The Black-Scholes Model

The Black-Scholes model revolutionized mathematical finance by providing a closed-form formula for pricing European options using stochastic calculus.

Model setup

Assume:

Stock price follows geometric Brownian motion: $dS_t = \mu S_t dt + \sigma S_t dB_t$ .
Risk-free rate $r$ is constant.
No arbitrage, perfect markets, continuous trading.
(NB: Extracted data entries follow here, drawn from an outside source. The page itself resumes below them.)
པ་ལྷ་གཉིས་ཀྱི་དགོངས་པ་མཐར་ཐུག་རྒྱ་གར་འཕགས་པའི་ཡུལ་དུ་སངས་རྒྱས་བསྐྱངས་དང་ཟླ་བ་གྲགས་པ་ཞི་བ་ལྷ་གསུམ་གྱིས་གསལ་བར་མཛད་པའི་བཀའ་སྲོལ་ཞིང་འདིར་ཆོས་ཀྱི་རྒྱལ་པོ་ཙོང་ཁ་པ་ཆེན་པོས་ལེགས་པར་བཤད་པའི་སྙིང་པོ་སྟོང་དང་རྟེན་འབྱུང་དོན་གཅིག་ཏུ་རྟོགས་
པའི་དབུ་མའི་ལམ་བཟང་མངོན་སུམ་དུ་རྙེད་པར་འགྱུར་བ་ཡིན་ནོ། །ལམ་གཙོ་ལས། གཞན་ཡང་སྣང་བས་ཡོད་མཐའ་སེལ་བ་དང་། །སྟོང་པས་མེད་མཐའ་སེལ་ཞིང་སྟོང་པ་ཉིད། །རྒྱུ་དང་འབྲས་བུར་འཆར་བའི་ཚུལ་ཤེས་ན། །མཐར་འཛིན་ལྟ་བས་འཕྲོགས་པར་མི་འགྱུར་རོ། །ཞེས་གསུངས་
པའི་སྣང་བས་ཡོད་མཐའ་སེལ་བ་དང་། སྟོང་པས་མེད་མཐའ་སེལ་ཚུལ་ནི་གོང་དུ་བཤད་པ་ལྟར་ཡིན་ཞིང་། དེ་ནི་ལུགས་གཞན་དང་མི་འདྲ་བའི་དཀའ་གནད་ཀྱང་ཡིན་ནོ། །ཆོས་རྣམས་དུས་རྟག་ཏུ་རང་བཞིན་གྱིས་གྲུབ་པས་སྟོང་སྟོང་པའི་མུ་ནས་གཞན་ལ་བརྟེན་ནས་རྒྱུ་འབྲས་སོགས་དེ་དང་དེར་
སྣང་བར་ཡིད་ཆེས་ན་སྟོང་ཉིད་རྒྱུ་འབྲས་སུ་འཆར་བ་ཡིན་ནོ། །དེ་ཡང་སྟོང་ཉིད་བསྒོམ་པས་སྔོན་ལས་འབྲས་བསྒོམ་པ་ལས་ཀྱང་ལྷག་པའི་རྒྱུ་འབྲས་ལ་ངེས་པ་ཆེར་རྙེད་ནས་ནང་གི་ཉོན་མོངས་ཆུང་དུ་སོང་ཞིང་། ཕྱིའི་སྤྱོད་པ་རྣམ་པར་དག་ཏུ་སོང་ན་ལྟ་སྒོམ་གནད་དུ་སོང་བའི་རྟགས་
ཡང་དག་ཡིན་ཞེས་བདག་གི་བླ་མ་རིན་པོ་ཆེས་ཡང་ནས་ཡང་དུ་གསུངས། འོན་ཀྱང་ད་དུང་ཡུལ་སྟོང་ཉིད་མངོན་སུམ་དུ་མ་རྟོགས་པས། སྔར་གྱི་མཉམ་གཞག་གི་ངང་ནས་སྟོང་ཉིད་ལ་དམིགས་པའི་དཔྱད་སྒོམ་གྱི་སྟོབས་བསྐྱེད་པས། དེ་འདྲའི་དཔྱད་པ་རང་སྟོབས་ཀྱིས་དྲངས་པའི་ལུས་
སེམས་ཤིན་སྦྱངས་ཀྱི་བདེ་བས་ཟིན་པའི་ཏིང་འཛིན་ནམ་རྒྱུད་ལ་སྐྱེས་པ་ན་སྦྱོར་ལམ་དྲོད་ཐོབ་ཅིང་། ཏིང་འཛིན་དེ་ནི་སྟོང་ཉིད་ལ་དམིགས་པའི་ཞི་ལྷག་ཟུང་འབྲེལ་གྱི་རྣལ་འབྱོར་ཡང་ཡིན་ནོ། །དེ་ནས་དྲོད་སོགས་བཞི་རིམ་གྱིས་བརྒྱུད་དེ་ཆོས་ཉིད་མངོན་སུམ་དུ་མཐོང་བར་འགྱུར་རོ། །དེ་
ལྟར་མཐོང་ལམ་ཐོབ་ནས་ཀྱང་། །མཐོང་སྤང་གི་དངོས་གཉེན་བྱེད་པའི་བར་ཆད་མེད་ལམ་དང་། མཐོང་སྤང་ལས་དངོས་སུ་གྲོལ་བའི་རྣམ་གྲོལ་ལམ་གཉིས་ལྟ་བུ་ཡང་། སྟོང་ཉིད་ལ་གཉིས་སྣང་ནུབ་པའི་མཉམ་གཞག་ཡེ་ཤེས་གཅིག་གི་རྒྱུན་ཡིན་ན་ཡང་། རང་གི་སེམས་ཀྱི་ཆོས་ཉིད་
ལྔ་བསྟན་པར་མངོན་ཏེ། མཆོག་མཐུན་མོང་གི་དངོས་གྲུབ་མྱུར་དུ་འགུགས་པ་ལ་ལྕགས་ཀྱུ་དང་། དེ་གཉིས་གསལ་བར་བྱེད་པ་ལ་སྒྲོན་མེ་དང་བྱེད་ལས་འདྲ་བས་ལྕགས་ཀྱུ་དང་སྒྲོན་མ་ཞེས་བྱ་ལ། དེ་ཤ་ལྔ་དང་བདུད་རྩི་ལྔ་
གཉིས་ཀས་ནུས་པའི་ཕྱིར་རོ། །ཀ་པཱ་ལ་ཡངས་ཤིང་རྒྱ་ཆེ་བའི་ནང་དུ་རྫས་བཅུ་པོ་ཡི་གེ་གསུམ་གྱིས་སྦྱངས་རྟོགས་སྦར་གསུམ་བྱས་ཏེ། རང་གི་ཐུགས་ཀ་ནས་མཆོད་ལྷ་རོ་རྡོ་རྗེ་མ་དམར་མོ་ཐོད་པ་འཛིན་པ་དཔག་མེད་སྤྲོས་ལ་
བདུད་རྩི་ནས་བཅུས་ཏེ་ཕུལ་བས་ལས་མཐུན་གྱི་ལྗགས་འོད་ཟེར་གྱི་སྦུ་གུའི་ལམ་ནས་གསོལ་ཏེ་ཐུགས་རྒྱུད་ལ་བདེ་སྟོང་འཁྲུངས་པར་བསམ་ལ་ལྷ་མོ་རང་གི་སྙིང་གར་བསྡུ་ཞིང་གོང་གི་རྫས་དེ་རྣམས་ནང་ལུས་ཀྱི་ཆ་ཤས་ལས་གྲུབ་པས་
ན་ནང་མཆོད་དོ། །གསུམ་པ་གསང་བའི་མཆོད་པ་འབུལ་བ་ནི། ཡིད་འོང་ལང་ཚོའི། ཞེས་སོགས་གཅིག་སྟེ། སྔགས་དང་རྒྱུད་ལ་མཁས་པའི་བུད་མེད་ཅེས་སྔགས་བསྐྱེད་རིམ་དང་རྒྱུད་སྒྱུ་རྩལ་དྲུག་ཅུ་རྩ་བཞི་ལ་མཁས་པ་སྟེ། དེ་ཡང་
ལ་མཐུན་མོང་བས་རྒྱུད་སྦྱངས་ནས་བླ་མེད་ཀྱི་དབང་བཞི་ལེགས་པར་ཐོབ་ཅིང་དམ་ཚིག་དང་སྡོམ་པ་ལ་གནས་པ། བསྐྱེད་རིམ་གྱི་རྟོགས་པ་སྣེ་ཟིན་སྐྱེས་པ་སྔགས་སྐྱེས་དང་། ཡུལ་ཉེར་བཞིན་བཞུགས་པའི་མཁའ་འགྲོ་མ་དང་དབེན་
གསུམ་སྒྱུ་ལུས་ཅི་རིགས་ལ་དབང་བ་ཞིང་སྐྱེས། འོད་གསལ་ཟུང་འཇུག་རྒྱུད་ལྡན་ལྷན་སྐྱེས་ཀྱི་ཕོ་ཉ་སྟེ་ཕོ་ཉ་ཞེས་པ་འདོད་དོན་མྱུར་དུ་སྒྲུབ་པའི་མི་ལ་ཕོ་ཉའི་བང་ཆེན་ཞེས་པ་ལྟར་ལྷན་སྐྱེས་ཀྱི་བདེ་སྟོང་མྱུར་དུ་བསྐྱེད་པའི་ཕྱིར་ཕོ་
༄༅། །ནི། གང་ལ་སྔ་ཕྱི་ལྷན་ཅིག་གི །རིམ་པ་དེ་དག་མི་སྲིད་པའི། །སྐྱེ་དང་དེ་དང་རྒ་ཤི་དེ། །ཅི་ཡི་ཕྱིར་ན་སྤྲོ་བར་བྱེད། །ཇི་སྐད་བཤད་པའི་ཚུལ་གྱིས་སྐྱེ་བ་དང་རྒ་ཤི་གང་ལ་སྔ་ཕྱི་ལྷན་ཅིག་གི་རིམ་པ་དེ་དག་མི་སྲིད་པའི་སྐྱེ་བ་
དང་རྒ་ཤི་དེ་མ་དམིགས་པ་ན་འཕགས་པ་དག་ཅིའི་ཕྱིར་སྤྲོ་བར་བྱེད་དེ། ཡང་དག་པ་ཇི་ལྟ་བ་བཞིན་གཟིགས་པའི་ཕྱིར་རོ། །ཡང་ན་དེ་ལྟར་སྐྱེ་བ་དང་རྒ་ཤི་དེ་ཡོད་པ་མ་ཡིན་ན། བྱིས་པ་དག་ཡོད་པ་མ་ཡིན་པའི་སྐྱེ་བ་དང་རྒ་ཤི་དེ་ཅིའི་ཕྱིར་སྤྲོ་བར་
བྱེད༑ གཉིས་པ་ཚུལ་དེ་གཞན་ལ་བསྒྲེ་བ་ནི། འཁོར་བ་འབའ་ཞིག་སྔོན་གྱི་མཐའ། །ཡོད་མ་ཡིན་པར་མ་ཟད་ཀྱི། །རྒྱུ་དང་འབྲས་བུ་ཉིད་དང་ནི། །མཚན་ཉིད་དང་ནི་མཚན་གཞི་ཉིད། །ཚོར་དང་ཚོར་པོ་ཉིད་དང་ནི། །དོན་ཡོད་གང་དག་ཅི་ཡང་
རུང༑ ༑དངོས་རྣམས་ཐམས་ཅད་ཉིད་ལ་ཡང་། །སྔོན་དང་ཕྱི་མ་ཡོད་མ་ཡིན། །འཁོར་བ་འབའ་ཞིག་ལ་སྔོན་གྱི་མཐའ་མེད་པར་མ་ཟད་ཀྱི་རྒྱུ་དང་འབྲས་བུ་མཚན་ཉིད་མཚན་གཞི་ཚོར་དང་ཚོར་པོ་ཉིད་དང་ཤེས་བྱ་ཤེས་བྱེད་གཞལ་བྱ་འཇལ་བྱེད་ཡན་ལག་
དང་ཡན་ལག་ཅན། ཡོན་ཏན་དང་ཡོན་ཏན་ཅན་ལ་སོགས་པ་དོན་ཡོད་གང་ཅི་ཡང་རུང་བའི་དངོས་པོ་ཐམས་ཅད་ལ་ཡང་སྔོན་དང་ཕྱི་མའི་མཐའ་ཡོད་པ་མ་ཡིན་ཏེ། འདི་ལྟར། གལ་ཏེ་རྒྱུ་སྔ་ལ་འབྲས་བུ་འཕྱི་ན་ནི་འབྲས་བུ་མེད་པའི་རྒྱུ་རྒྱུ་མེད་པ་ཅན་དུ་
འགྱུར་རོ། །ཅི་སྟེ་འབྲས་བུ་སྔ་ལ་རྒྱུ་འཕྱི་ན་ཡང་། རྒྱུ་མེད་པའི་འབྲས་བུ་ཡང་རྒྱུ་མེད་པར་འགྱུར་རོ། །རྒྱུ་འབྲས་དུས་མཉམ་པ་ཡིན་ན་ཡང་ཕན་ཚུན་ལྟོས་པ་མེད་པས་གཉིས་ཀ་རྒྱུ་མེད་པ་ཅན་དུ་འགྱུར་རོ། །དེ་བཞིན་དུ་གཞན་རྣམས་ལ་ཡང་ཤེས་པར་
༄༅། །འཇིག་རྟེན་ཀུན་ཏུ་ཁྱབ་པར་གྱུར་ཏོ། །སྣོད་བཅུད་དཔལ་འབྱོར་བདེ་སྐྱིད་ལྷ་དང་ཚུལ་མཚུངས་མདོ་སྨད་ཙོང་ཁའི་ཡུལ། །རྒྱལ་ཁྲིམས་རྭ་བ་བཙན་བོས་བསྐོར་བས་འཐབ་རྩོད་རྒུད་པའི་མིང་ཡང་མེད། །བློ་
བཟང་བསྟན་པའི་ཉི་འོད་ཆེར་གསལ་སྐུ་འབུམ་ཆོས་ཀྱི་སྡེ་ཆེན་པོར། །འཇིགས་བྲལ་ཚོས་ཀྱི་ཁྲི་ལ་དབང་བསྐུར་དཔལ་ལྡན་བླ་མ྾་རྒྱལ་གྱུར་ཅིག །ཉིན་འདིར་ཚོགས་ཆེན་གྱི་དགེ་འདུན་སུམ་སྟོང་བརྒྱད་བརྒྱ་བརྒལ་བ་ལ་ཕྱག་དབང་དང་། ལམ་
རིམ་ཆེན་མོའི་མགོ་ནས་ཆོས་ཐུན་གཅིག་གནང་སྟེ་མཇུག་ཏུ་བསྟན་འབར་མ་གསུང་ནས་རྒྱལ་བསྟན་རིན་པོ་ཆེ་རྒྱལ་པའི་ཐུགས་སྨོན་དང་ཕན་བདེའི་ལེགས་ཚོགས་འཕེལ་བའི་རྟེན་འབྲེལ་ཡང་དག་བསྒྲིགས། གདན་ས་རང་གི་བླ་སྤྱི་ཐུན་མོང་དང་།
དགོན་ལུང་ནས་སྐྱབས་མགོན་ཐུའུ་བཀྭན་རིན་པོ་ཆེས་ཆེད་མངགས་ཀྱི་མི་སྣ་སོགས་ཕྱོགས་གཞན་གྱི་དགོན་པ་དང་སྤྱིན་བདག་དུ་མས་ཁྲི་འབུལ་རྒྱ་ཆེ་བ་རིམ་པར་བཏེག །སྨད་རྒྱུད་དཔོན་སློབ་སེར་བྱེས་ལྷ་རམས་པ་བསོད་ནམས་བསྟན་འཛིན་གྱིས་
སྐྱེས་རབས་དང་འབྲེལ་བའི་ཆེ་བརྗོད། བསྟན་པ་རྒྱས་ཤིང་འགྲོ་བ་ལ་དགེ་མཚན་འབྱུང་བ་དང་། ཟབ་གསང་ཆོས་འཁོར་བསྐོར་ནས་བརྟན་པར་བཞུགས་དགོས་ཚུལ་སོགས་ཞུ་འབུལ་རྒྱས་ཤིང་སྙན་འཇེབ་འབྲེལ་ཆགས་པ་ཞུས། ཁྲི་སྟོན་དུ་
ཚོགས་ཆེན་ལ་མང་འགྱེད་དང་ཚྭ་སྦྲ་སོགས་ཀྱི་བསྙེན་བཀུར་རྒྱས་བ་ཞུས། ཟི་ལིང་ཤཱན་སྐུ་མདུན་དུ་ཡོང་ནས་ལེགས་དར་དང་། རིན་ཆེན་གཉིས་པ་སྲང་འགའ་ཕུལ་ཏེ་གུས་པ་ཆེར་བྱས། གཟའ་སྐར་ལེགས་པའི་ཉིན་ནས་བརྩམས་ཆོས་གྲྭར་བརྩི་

A European call option pays $(S_T - K)^+$ at maturity $T$ , where $K$ is the strike price.

Black-Scholes formula

Theorem8.1Black-Scholes formula

The fair price of a European call option is:

$C(t, S_t) = S_t \Phi(d_1) - K e^{-r(T-t)} \Phi(d_2),$

where

$d_1 = \frac{\log(S_t/K) + (r + \sigma^2/2)(T-t)}{\sigma\sqrt{T-t}}, \quad d_2 = d_1 - \sigma\sqrt{T-t},$

and $\Phi$ is the standard normal CDF.

Derivation: Under the risk-neutral measure (via Girsanov), $S_t$ has drift $r$ , and the option price is $e^{-rT}\mathbb{E}_\mathbb{Q}[(S_T - K)^+]$ . Computing this expectation (using the lognormal distribution of $S_T$ ) yields the formula.

ExampleAt-the-money call

For $S_0 = K = 100$ , $r = 0.05$ , $\sigma = 0.2$ , $T = 1$ , the Black-Scholes price is approximately $C \approx 10.45$ . The option has significant value due to volatility.

Greeks

The Greeks measure sensitivities of the option price:

Delta: $\Delta = \frac{\partial C}{\partial S} = \Phi(d_1)$ (hedge ratio).
Gamma: $\Gamma = \frac{\partial^2 C}{\partial S^2}$ (convexity).
Vega: $\frac{\partial C}{\partial \sigma}$ (sensitivity to volatility).
Theta: $\frac{\partial C}{\partial t}$ (time decay).

Delta-hedging (holding $\Delta$ shares) replicates the option payoff, forming the basis of dynamic hedging strategies.

Summary

Black-Scholes uses stochastic calculus (Itô, Girsanov, Feynman-Kac) to derive a closed-form option pricing formula, with applications to hedging, risk management, and derivatives trading.